**WHAT IS BEING ASKED:** What number of lines in the entries below include the string "coniferous"? Respond with that number alone.

[[ TASK INPUTS open ]]

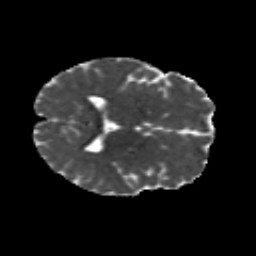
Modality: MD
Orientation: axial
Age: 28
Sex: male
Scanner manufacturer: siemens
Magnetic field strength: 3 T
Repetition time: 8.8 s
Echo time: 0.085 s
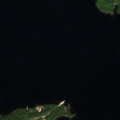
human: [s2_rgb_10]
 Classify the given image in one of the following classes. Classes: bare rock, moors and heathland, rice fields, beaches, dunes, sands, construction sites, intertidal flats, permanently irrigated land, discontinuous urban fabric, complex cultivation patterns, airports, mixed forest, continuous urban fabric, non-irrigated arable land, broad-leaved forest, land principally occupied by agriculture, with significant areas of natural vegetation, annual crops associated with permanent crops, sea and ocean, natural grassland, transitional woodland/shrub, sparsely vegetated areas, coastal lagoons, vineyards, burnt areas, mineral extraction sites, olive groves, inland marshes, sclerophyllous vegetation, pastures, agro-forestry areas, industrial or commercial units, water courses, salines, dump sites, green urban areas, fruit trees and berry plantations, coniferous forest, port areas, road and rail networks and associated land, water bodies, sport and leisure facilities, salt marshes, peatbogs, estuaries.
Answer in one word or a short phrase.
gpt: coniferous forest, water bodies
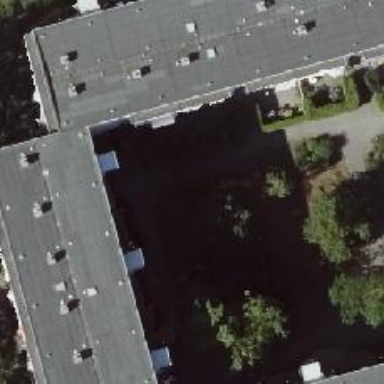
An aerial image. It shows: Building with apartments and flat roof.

[[ TASK INPUTS closed ]]

**ANSWER:** 2